JB Kleden (Kepala Kankemenag Kota Kupang)

Menteri Agama (Menag) Yaqut Cholil Qoumas mengajak semua pihak menjadikan momentum peringatan Hari Pers Nasional (HPN) 2023 untuk bersama membangun kembali pers Tanah Air yang lebih tangguh, sekaligus kuat di tengah tantangan industrialisasi media yang kian kompleks saat ini.

"Kita hakikatnya memiliki tujuan bersama untuk mewujudkan keadilan bagi masyarakat Indonesia, termasuk dalam keadilan memperoleh informasi yang berkualitas dan mewujudkan umat beragama rukun. Untuk itu saatnya kita harus lebih sering berdiskusi untuk merumuskan skema yang terbaik upaya penyelamatan pers Indonesia ini," tandas Menag. (https://kemenag.go.id/read/menag-yaqut-saatnya-perkuat-pers-indonesia-agar-kian-sehat-dan-bermartabat-3qdlp).

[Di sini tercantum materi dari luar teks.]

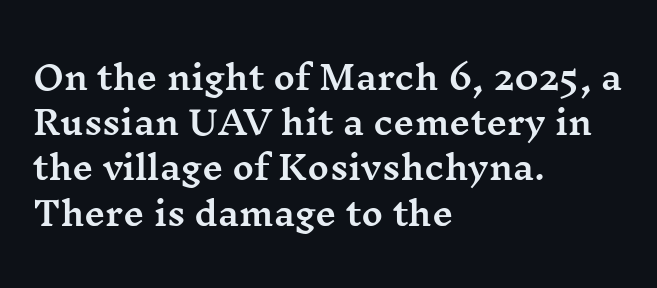
{"serif": "yes", "italic": "no", "width": "wide", "stroke_contrast": "medium", "x_height": "medium", "monospaced": "no", "underline": "no", "align": "left", "line_spacing": "normal", "line_spacing_ratio": 1.37, "letter_spacing": "normal", "letter_spacing_em": 0.0, "glyph_px": 33}

Mungkin ada yang nyeleneh. Ngapain Menteri Agama “ngurus” media? Tentu saja. Media berurusan dengan berita, informasi, dan fakta. Berita adalah kisah, informasi adalah naratif, dan fakta adalah makna. Hal terkecil apapun dalam kehidupan bersama bisa menjadi a tremendous trifle. Kisah kehidupan bersama yang dinarasikan secara baik dan benar melahirkan kedamaian dan ketenangan hidup. Fakta yang keliru dinarasikan, bisa menimbulkan konflik bahkan kerusuhan massal. Apalagi kalau itu menyangkut agama. Dan sepanjang sejarah, kita selalu berupaya membangun narasi kehidupan beragama yang baik.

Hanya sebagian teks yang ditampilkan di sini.